- Exercise requirements -
The data that follows must be transcribed in full and exactly, minus the pictures.

[Entries taken from a collection]
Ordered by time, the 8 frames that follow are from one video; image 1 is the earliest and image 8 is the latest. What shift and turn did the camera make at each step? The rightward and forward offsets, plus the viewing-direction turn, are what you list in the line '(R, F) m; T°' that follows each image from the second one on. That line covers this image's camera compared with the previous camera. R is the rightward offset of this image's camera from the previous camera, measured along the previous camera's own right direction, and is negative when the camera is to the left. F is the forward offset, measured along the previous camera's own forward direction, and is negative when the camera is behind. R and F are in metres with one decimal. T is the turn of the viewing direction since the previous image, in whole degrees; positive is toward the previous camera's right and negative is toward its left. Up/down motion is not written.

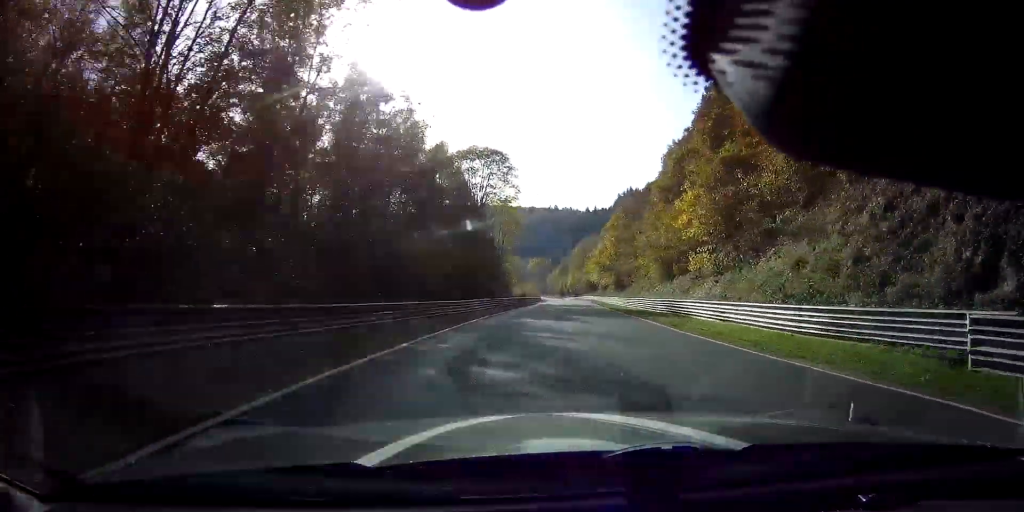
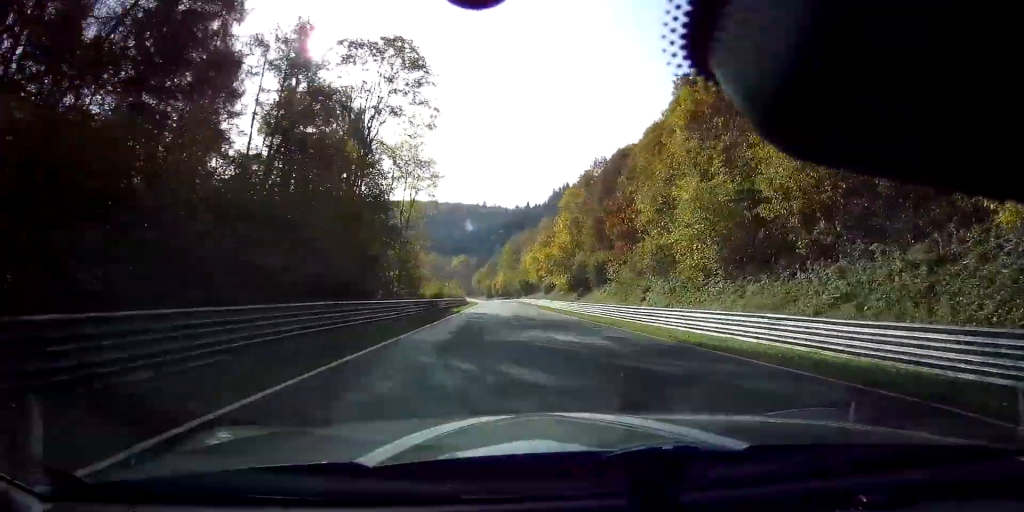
(+2.0, +30.8) m; +5°
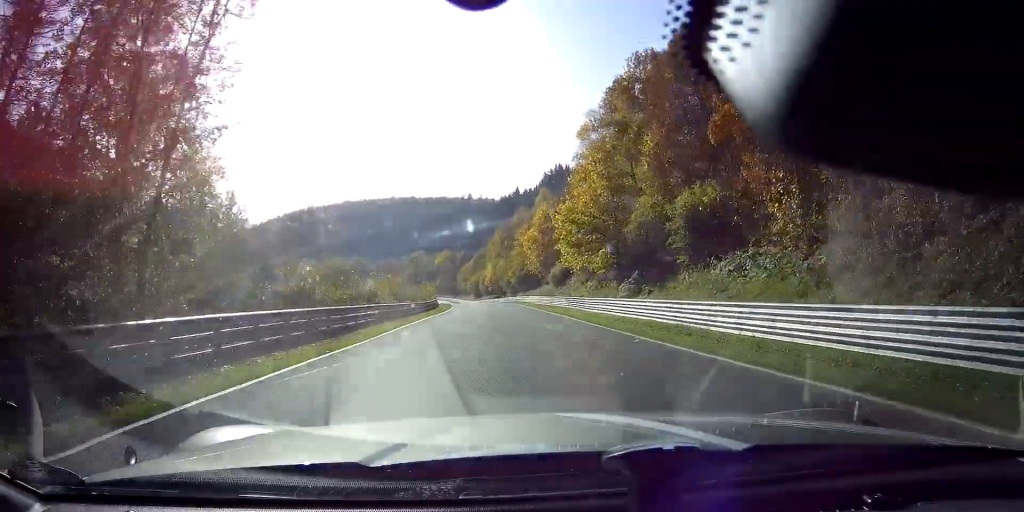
(+0.4, +36.8) m; +1°
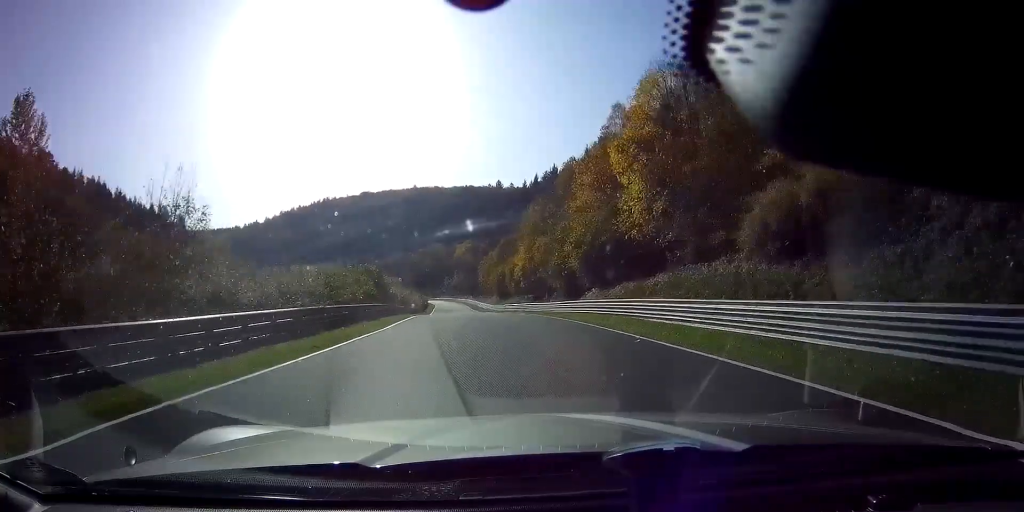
(0.0, +57.1) m; -1°
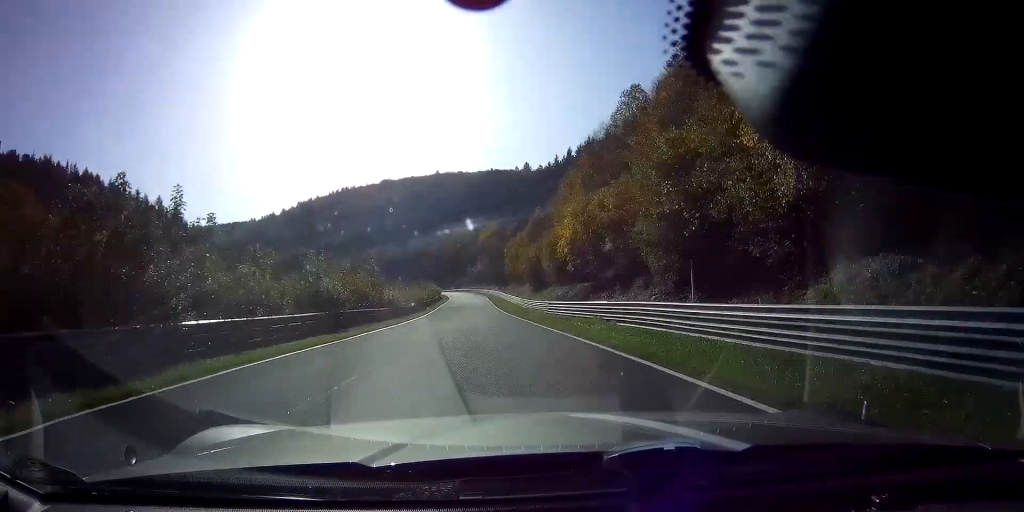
(-0.7, +33.3) m; -3°
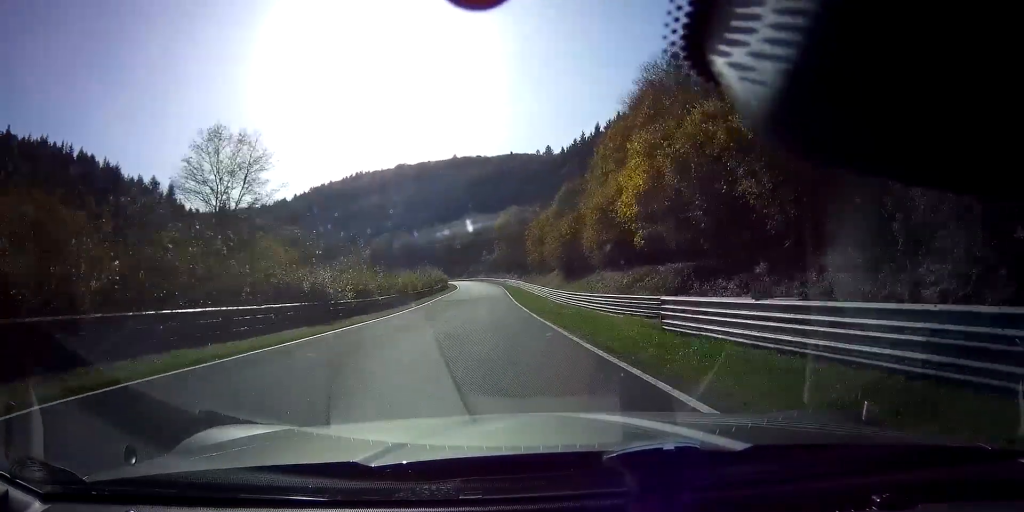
(-0.7, +23.0) m; -2°
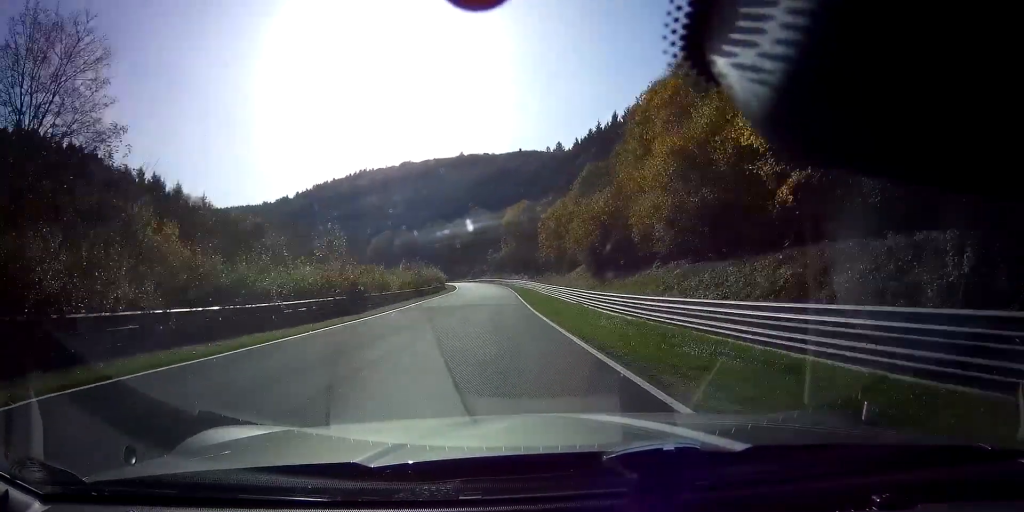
(-0.2, +18.2) m; -2°
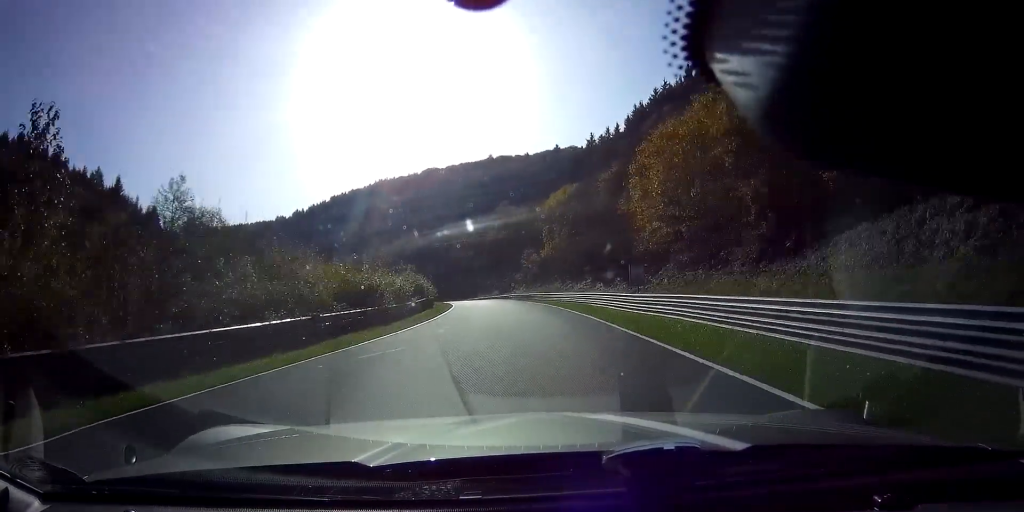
(-1.8, +55.2) m; -4°

- Solution below -
Ordered by time, the 8 frames that follow are from one video; image 1 is the earliest and image 8 is the latest. What shift and turn did the camera make at each step? The rightward and forward offsets, plus the viewing-direction turn, are what you list in the line '(R, F) m; T°' that follows each image from the second one on. That line covers this image's camera compared with the previous camera. R is the rightward offset of this image's camera from the previous camera, measured along the previous camera's own right direction, and is negative when the camera is to the left. F is the forward offset, measured along the previous camera's own forward direction, and is negative when the camera is behind. R and F are in metres with one decimal. T is the turn of the viewing direction since the previous image, in whole degrees; positive is toward the previous camera's right and negative is toward its left. Up/down motion is not written.

(+2.0, +30.8) m; +5°
(+0.4, +36.8) m; +1°
(0.0, +57.1) m; -1°
(-0.7, +33.3) m; -3°
(-0.7, +23.0) m; -2°
(-0.2, +18.2) m; -2°
(-1.8, +55.2) m; -4°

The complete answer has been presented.